Unlike a Master of Arts (MA) program, which emphasizes the scholarship of a discipline, a Master of Fine Arts (MFA) program focuses on the creation and practice of the discipline. An MFA is a terminal degree that typically takes one to three years to complete and often qualifies graduates to teach at the university level.
MFA in Creative Writing programs provide students with concentrated time to write and receive feedback and expert guidance on their writing. Programs typically offer concentrations in at least poetry and fiction, and include classes on craft and technique, writing workshops, and opportunities to meet established writers. Top programs provide opportunities for writers to make contacts with agents, editors and publishers.
While many schools offer full-time MFA in Creative Writing programs, others offer what are called low-residency MFA programs. Most low-residency programs take two years to complete and require students to spend one to two weeks on campus a couple of times per year to take part in intensive seminars. Both traditional and low-residency programs typically expect students to have completed a book-length creative thesis.
Notable full-time programs include those at the University of Iowa, the University of Michigan, Boston University, and Cornell University. Notable low-residency programs include Antioch University and Bennington College in Vermont. The Tools for Writers page of the Poets & Writers website offers additional information and advice on choosing an MFA in Creative Writing program.
For artists, earning an MFA demonstrates advanced abilities in an art specialty field, such as graphic design, painting and drawing, or visual communications. Programs typically last two to three years and include a written thesis, an exhibition of the student's work, and an oral critique. Students pursuing an MFA in studio arts typically select a program in a particular form of art, such as painting, sculpture, ceramics, drawing, printmaking, photography, and bookmaking.
If you are interested in pursuing an MFA in one of the above fields, we encourage you to contact faculty members in the art department for suggestions and advice regarding specific schools and programs.
Students who are seeking a formal academic introduction to publishing may wish to consider pursuing specialized graduate degrees or certificate programs. While these programs are not necessary for entry into the field, they can help, particularly for graduates with little to no experience in the industry.
While only a limited number of schools offer these programs, a variety of degrees and certificates are available, including M.S. in Publishing, M.A. in Writing and Publishing, and Certificate in Publishing. Some schools also offer short-term publishing summer institutes.
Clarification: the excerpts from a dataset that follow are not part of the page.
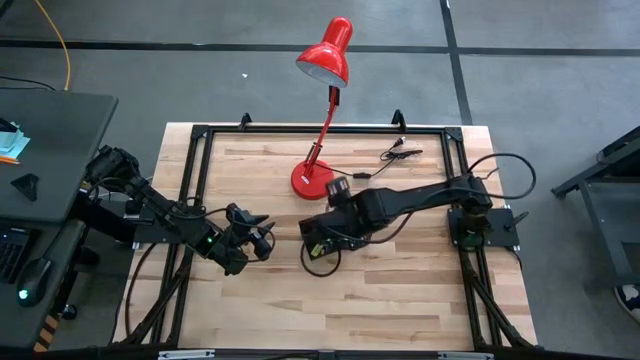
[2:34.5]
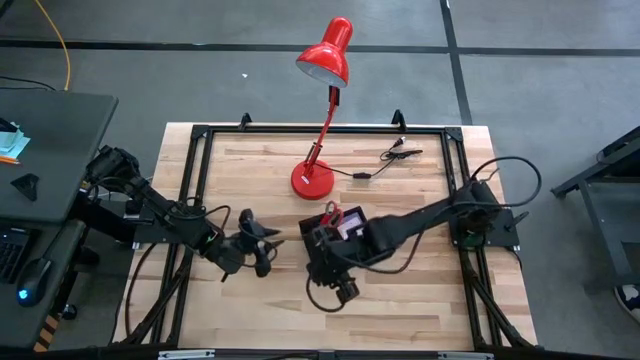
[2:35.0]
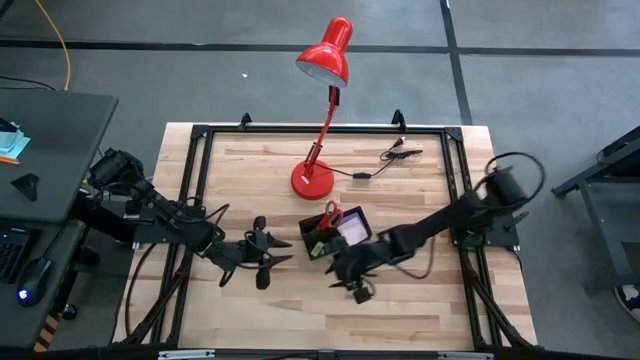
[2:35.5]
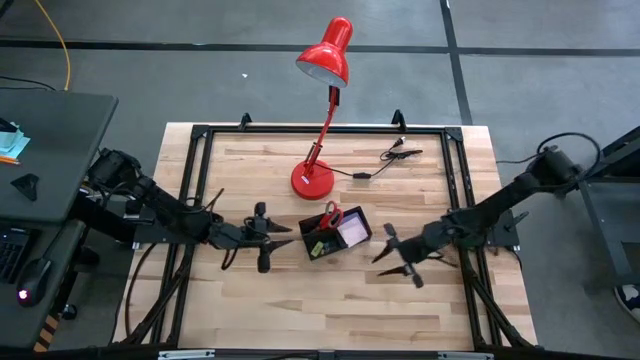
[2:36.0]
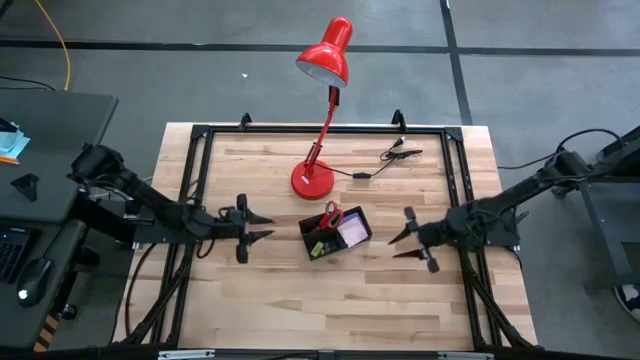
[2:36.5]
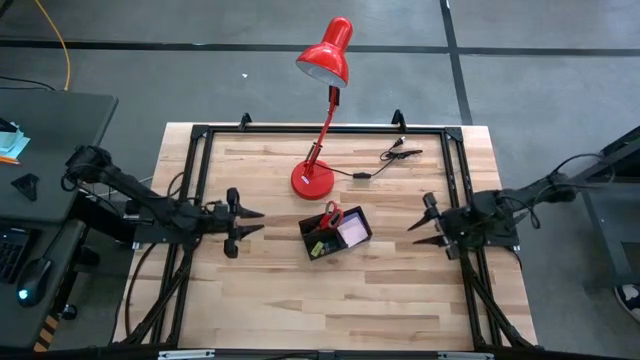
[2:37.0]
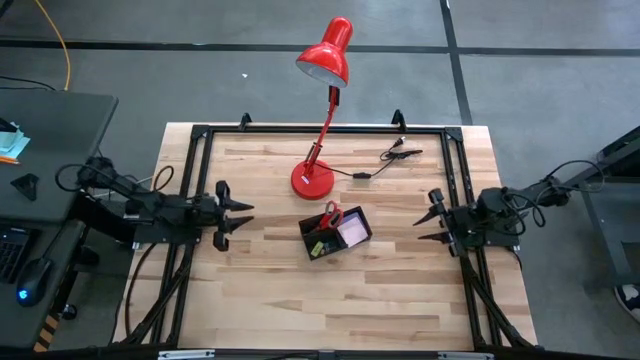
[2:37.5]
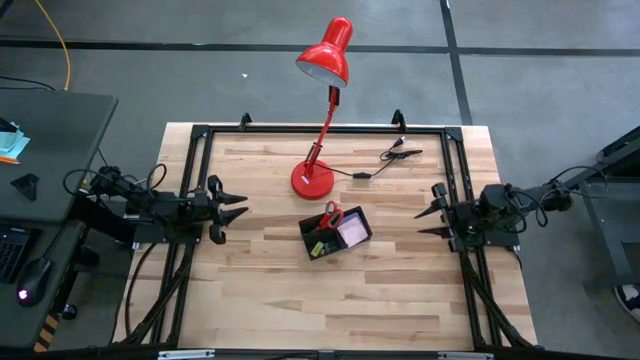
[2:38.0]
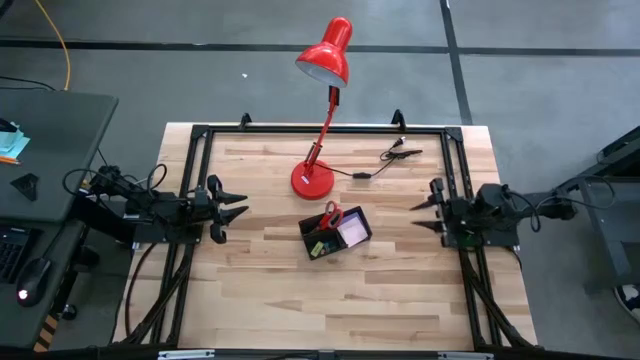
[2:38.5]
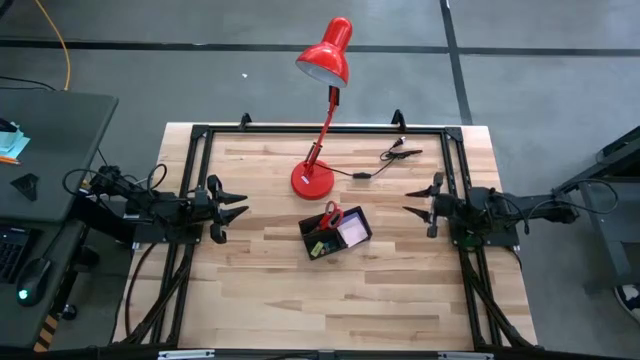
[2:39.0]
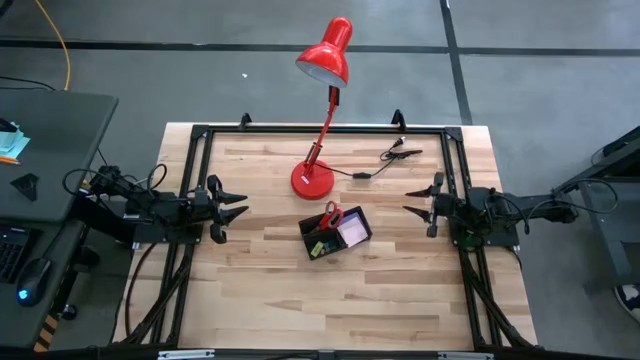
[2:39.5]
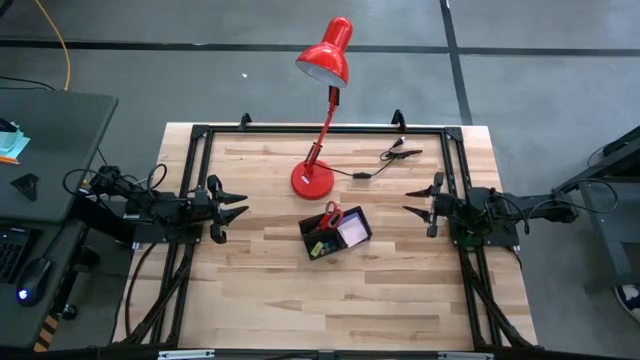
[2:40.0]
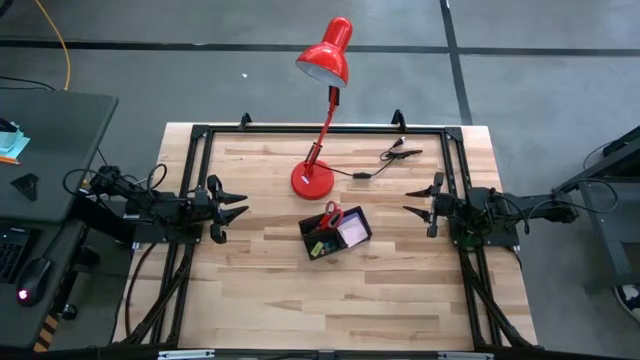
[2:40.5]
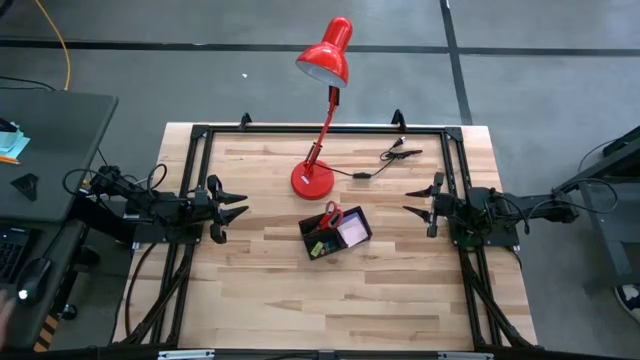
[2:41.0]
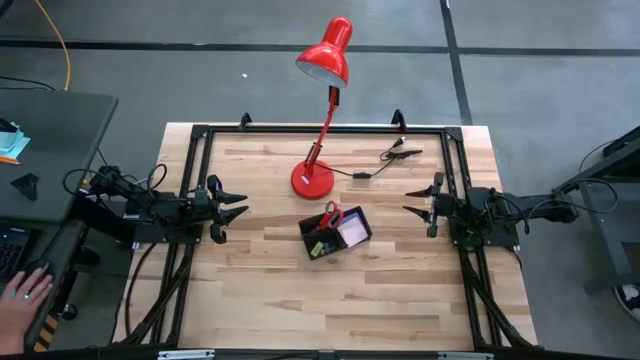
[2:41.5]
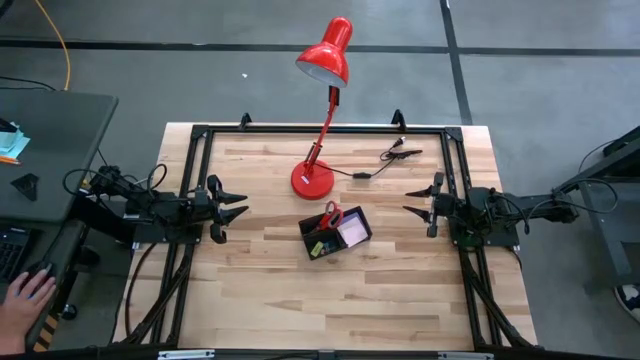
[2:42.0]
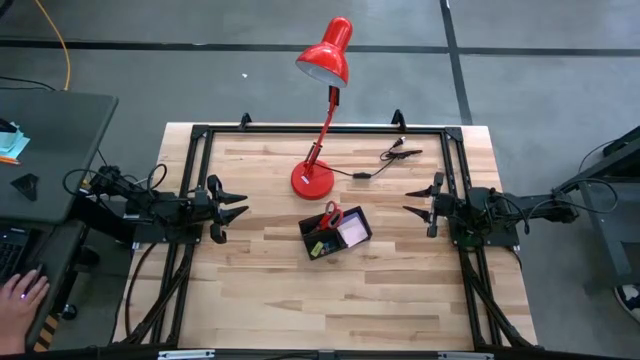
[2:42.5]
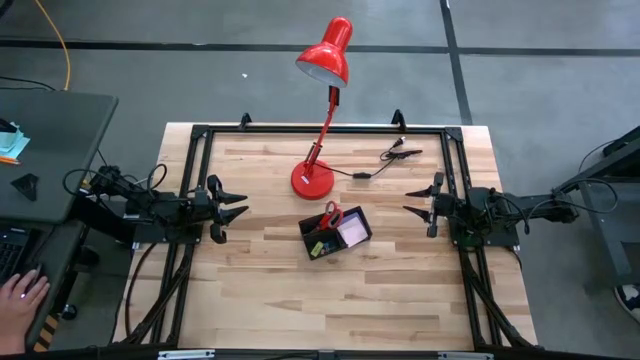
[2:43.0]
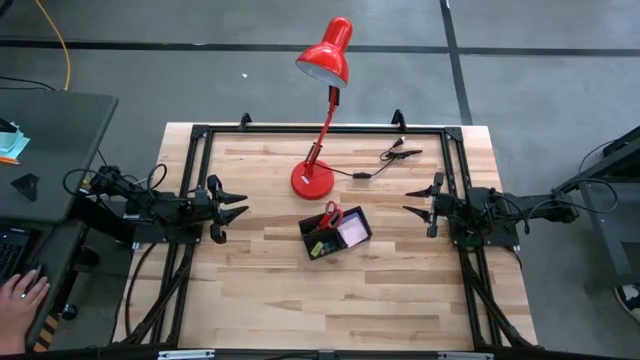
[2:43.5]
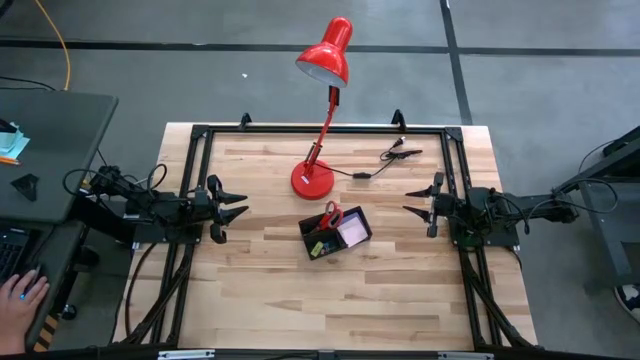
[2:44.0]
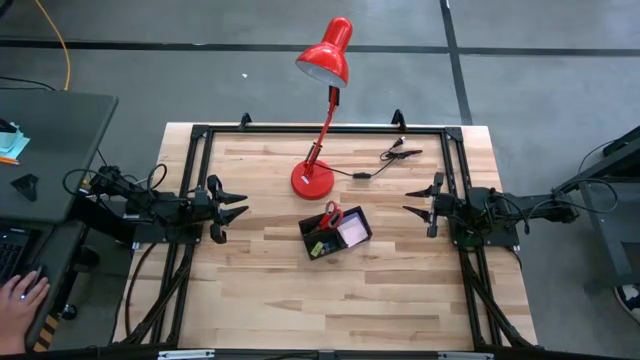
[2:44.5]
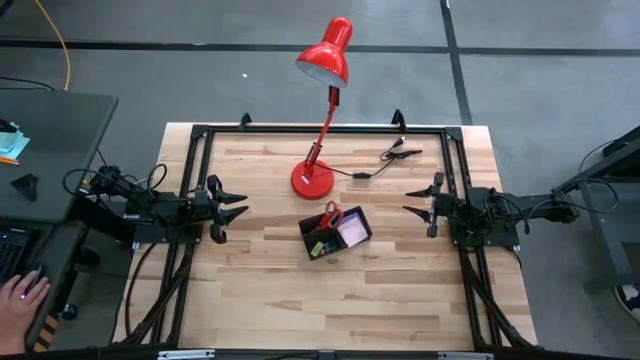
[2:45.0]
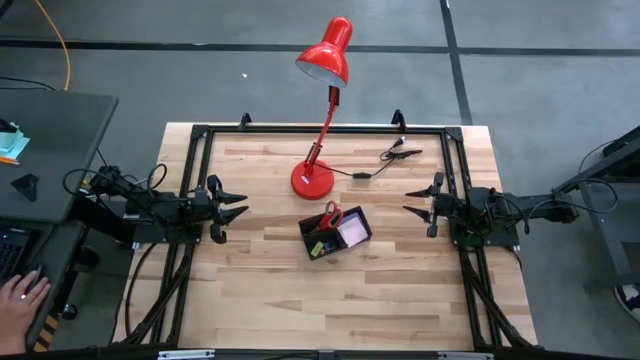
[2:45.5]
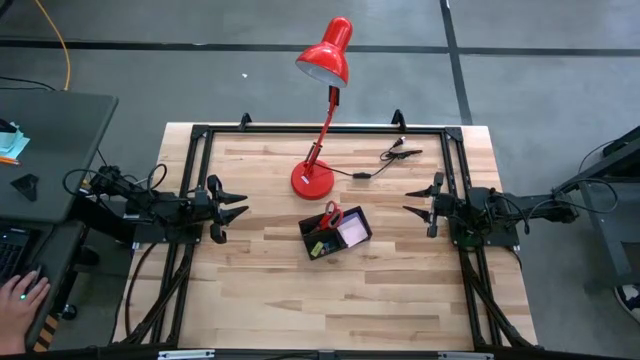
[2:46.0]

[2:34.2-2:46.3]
Return to Home Position

Look for programs that bring in publishing professionals from around the country, as these programs often provide strong networking opportunities.
Sample programs include the Columbia Publishing Course, the NYU M.S. in Publishing: Digital and Print Media and Summer Publishing Institute, the Denver Publishing Institute, and the DePaul M.A. in Writing and Publishing. Bookjobs.com maintains a complete list of publishing programs on its website.
Masters programs in journalism are typically one to two years, and give students the opportunity to focus on, at the minimum, either print or broadcast journalism. Many schools have additional specialty programs or concentrations in fields like criticism, television reporting, and magazine writing. Degrees offered include the M.S., the M.A., and the M.J. (Master of Journalism).
An often-discussed downside to journalism school is its cost: programs tend to be expensive, and a graduate degree typically does not increase entry-level salaries. PhD programs also are available, and typically are populated by professionals with significant experience in the field.
Sample programs include those at Columbia, Stanford, University of Maryland, and University of North Carolina at Chapel Hill.